In the age of the technocrat, Johnson is more like something out of a P.G. Wodehouse novel. For more than a decade, the British media have been regaled by Johnson’s “scrapes.” For example, he was demoted in the Conservative Party from a position on its front bench (which means that if the Tories had come back to power, he would have been a cabinet member) for variously insulting the city of Liverpool, antagonizing Pacific Islanders, and having an extramarital affair with Petronella Wyatt, a columnist at The Spectator, the weekly magazine which he edited.

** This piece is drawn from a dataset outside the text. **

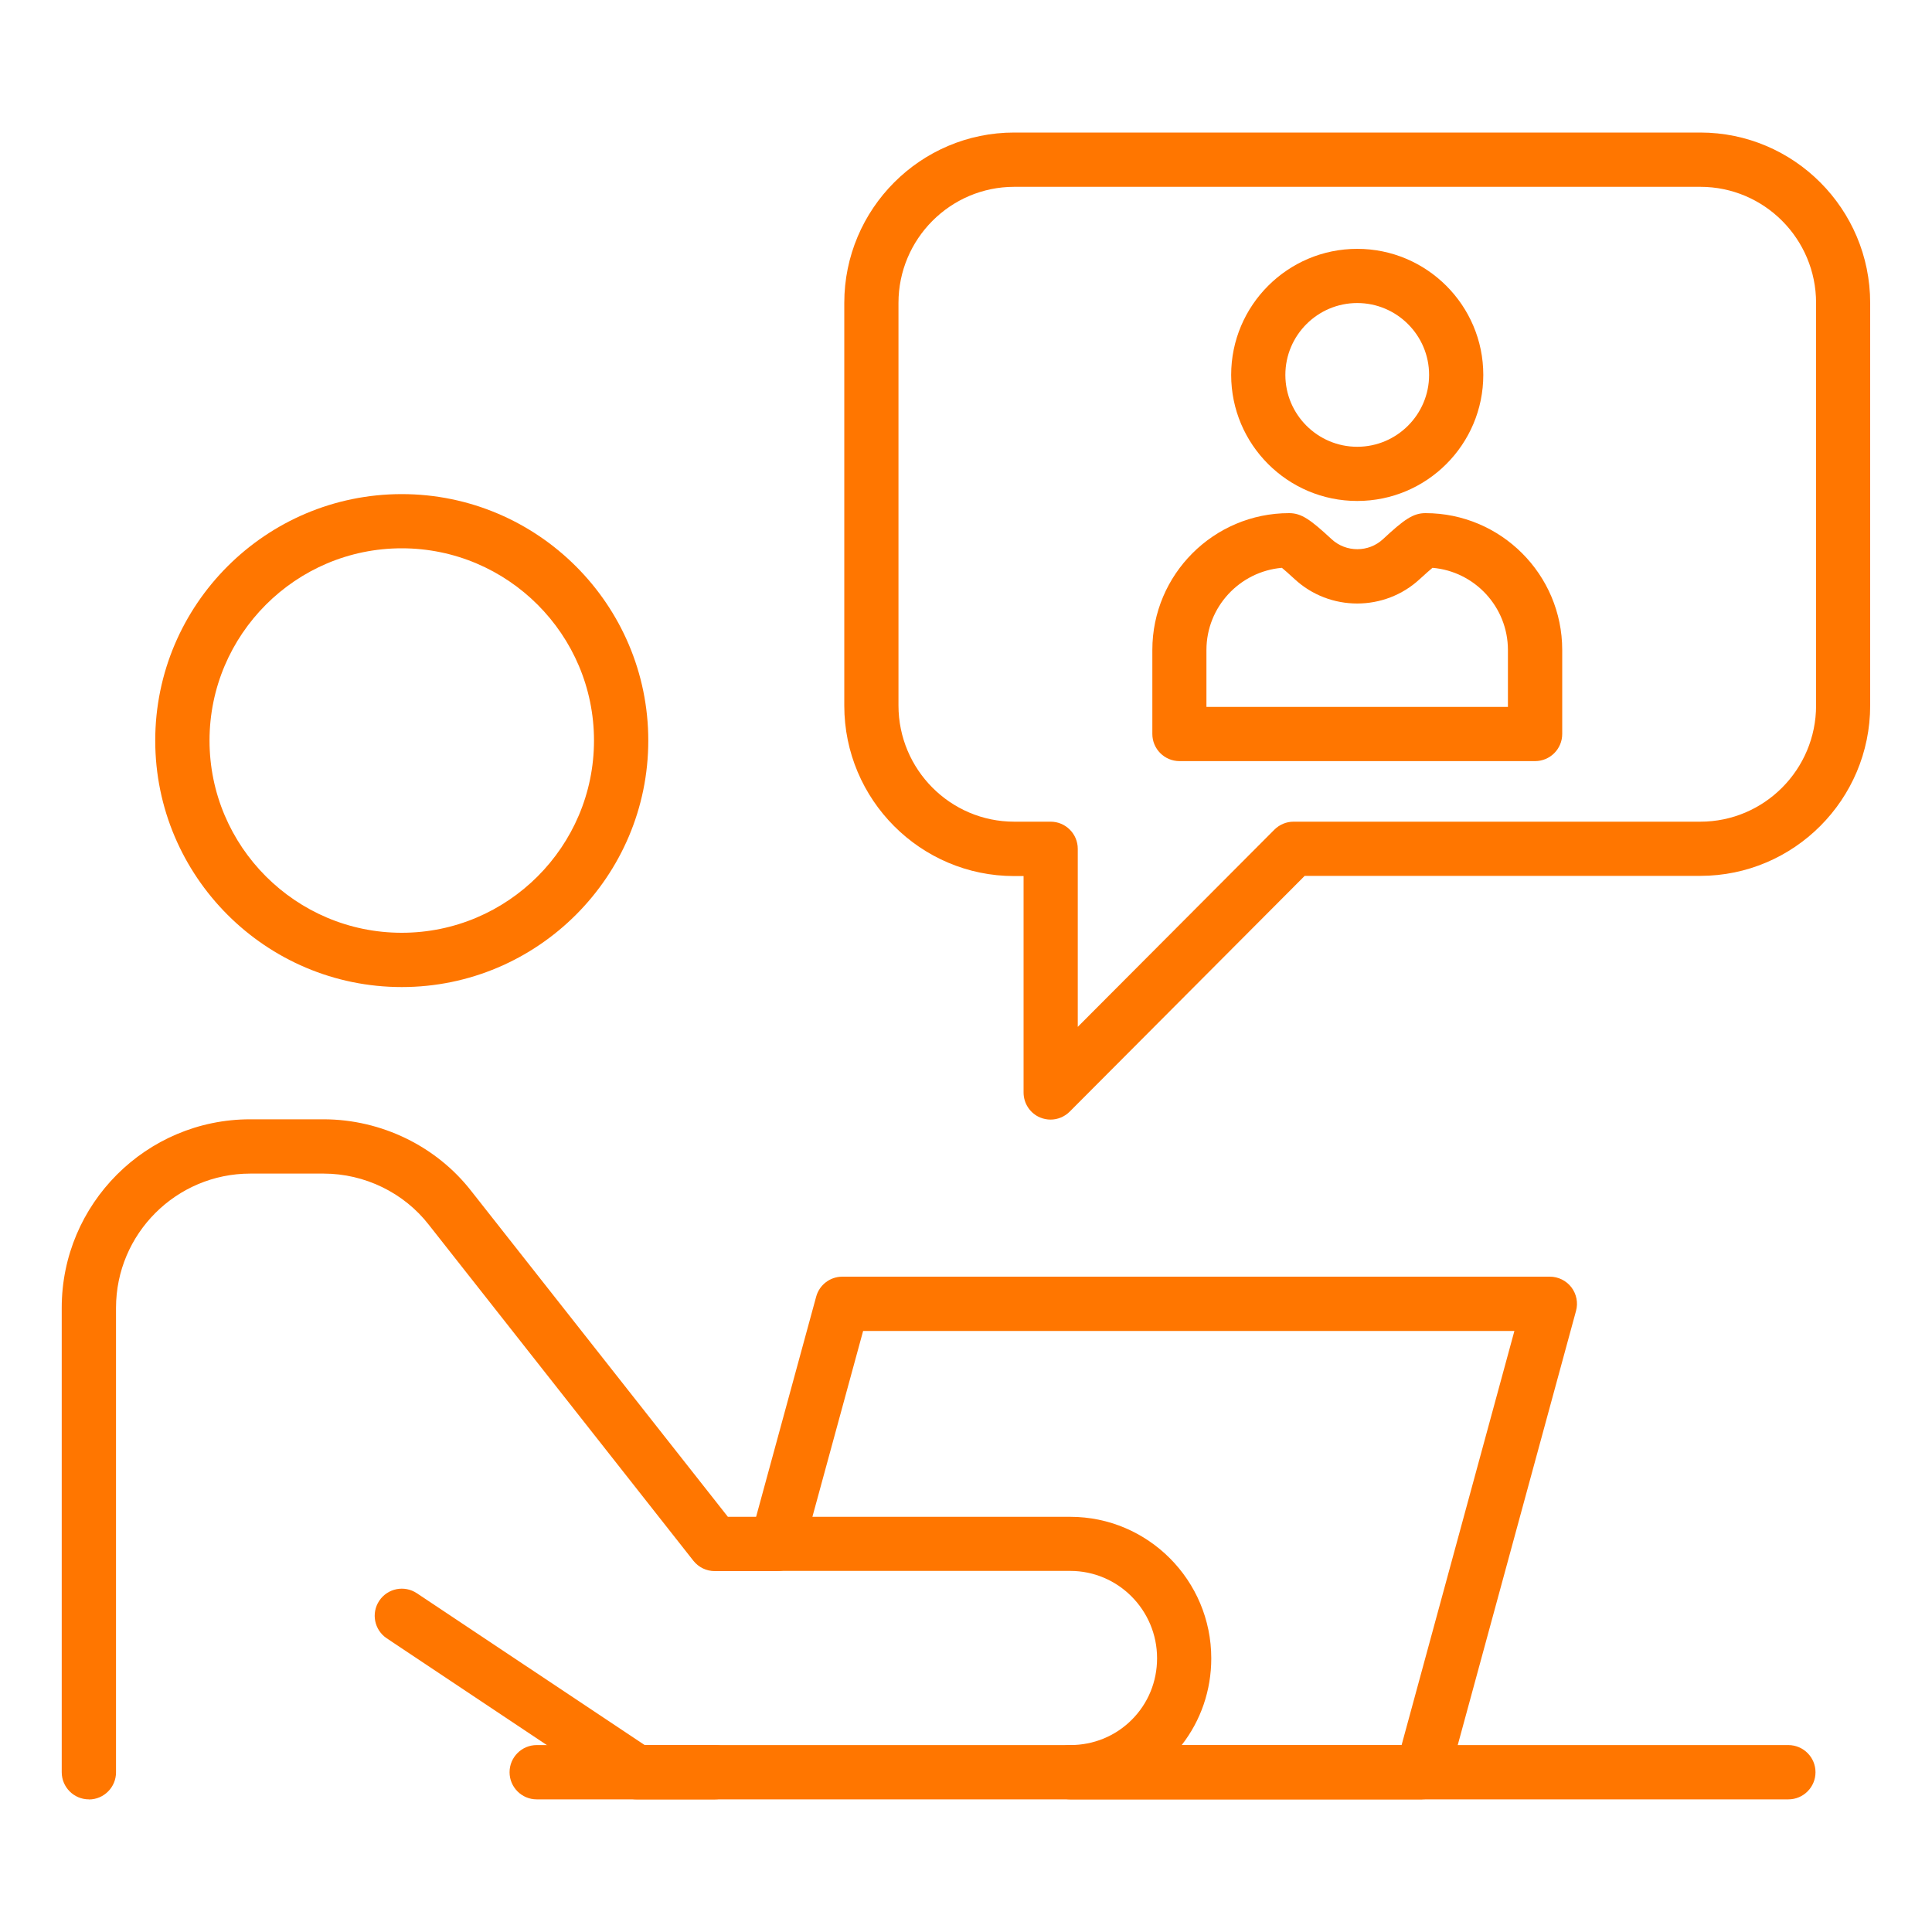 <svg xmlns="http://www.w3.org/2000/svg" id="Layer_1" data-name="Layer 1" viewBox="0 0 200 200"><defs><style>      .cls-1 {        fill: #ff7600;        stroke-width: 0px;      }    </style></defs><path class="cls-1" d="m41.59,102.18c-14.07,0-25.52-11.45-25.52-25.52s11.45-25.51,25.52-25.51,25.52,11.45,25.52,25.51-11.45,25.52-25.52,25.52Zm0-45.42c-10.97,0-19.9,8.93-19.9,19.9s8.93,19.9,19.9,19.9,19.9-8.93,19.9-19.9-8.93-19.9-19.9-19.9Z"></path><g><g><path class="cls-1" d="m158.91,78.79h-36.81c-1.55,0-2.81-1.26-2.81-2.81v-8.7c0-7.81,6.35-14.16,14.16-14.16,1.28,0,2.21.67,4.39,2.69,1.5,1.39,3.84,1.39,5.33,0,2.17-2.02,3.11-2.69,4.39-2.69,7.81,0,14.16,6.35,14.16,14.16v8.7c0,1.55-1.26,2.81-2.81,2.81Zm-34.01-5.61h31.2v-5.89c0-4.46-3.44-8.14-7.81-8.51-.26.22-.68.58-1.31,1.16-3.64,3.38-9.33,3.38-12.97,0-.63-.58-1.04-.94-1.31-1.16-4.37.38-7.81,4.05-7.81,8.51v5.89Z"></path><path class="cls-1" d="m140.5,51.86c-7.2,0-13.05-5.85-13.05-13.05s5.86-13.05,13.05-13.05,13.05,5.85,13.05,13.05-5.85,13.05-13.05,13.05Zm0-20.49c-4.1,0-7.44,3.34-7.44,7.44s3.34,7.44,7.44,7.44,7.44-3.34,7.44-7.44-3.34-7.44-7.44-7.44Z"></path></g><path class="cls-1" d="m108.76,115.9c-.36,0-.72-.07-1.07-.21-1.05-.43-1.73-1.46-1.73-2.59v-22.41h-.97c-9.7,0-17.59-7.91-17.59-17.64V31.36c0-9.73,7.89-17.64,17.59-17.64h71.02c9.7,0,17.59,7.91,17.59,17.64v41.67c0,9.73-7.89,17.64-17.59,17.64h-40.95l-24.32,24.4c-.54.54-1.26.83-1.99.83Zm-3.77-96.56c-6.6,0-11.98,5.39-11.98,12.02v41.67c0,6.63,5.37,12.03,11.98,12.03h3.77c1.55,0,2.81,1.26,2.81,2.81v18.43l20.35-20.41c.53-.53,1.24-.83,1.99-.83h42.11c6.6,0,11.98-5.39,11.98-12.03V31.36c0-6.63-5.37-12.02-11.98-12.02h-71.02Z"></path></g><path class="cls-1" d="m73.99,186.27h-8.1c-.55,0-1.1-.16-1.56-.47l-24.29-16.2c-1.29-.86-1.64-2.6-.78-3.89.86-1.29,2.6-1.64,3.89-.78l23.59,15.72h7.25c1.55,0,2.81,1.26,2.81,2.81s-1.26,2.81-2.81,2.81Z"></path><path class="cls-1" d="m9.2,186.27c-1.55,0-2.81-1.26-2.81-2.81v-48.08c0-10.76,8.75-19.51,19.51-19.51h7.59c5.98,0,11.71,2.79,15.33,7.47l26.53,33.68h5.07c1.55,0,2.81,1.26,2.81,2.81s-1.26,2.81-2.81,2.81h-6.43c-.86,0-1.67-.39-2.21-1.07l-27.38-34.77c-2.58-3.33-6.65-5.31-10.9-5.31h-7.59c-7.66,0-13.9,6.23-13.9,13.9v48.08c0,1.55-1.26,2.81-2.81,2.81Z"></path><path class="cls-1" d="m185.14,186.27H55.56c-1.55,0-2.81-1.26-2.81-2.81s1.26-2.81,2.81-2.81h129.57c1.55,0,2.81,1.26,2.81,2.81s-1.26,2.81-2.81,2.81Z"></path><path class="cls-1" d="m147.23,186.27h-36.44c-1.55,0-2.81-1.26-2.81-2.81s1.26-2.81,2.81-2.81c2.42,0,4.68-.93,6.37-2.62,1.69-1.69,2.62-3.95,2.62-6.37,0-4.98-4.03-9.04-8.99-9.04h-30.37c-.88,0-1.7-.41-2.23-1.1-.53-.7-.71-1.6-.48-2.44l6.78-24.85c.33-1.22,1.44-2.07,2.71-2.07h73.24c.87,0,1.7.41,2.23,1.1.53.7.71,1.6.48,2.44l-13.21,48.49c-.33,1.22-1.44,2.07-2.71,2.07Zm-24.91-5.61h22.77l11.68-42.88h-67.42l-5.25,19.24h26.69c8.05,0,14.6,6.57,14.6,14.65,0,3.31-1.08,6.44-3.07,8.99Z"></path></svg>

Indeed, everyone at The Spectator seemed to be having an affair at the time Johnson occupied the editor’s chair. Publisher Kimberly Quinn, an American, was having an extramarital affair with David Blunkett, the blind British home secretary. Associate Editor Rod Liddle was having an extramarital affair with a Spectator secretary. Given that the staff is very small, that it is the oldest continuously published magazine in England (1828), and it is the seat of the Conservative intelligentsia, you can imagine how the tabloids loved the goings on. In fact, they took to calling Johnson “Boudoir Boris” and the magazine “The Sextator.”
Johnson was born with a silver spoon in his mouth, and with which he has been able to cut himself. From Eton, the world’s most exclusive boarding school, Johnson sailed into Oxford University, where he distinguished himself as president of its debating society, The Oxford Union. Many a future prime minister has honed his skills debating at Oxford, and it seemed inevitable that Johnson would find his way into parliament. In 2001, he became a Conservative member.
Johnson’s running for mayor of London had all the characteristics of William F. Buckley Jr.’s running for mayor of New York. The only difference is that Johnson secured–to the horror of his party–the formal Conservative nomination, and now he is the mayor. At 43, he is one of the few executive mayors in England. He is a man known for his dazzling white hair, disorganization, irreverently witty tongue, and a sense that absolutely everything is not to be taken seriously.
Johnson was aided in his campaign because he was running against an equally bizarre, but more calculating, Ken Livingstone, also known as “Red Ken.” Livingstone had a long history in London politics and was elected to the new post of executive mayor eight years ago. Livingstone’s admiration of Fidel Castro and Hugo Chavez, coupled with his newly found affection for big business, offended the left and the right of his party. Yet, to his credit, Livingstone introduced congestion pricing, which has eased London traffic, and coped with the al-Qaeda subway bombings on July 7, 2005.
But in this election, the big issues like the 2012 Olympic Games in London and street crime were dwarfed by a silly argument over buses. Livingstone had decided that it was time to replace London’s double-decker fleet with flexible single-deck buses, commonly called “bendy” buses. The argument is one of tradition versus modernity. Johnson, who mostly rides a bicycle, wants the double-decker Routemaster buses redesigned and saved. He wants to ban the bendy buses that he believes hurt the image of London as well as being, well, un-English: the Routemasters are made in England and the bendys are made in Germany.
The Conservative Party is not so happy about Johnson winning the executive mayoral race. They feel that he will embarrass the party leader, David Cameron, and generally humiliate Tory values. Johnson has the wit of Will Rodgers and none of the temperance. Here are some of Boris’s best:
“My friends, as I have discovered myself, there are no disasters, only opportunities. And, indeed, opportunities for fresh disasters.”
“I don’t see why people are so snooty about Channel 5. It has some respectable documentaries about the Second World War. It also devotes considerable airtime to investigations into lap dancing, and other related and vital subjects.”
“I love tennis with a passion. I challenged Boris Becker to a match once and he said he was up for it, but he never called back. I bet I could make him run around.”
“I have as much chance of becoming prime minister as of being decapitated by a Frisbee or of finding Elvis.”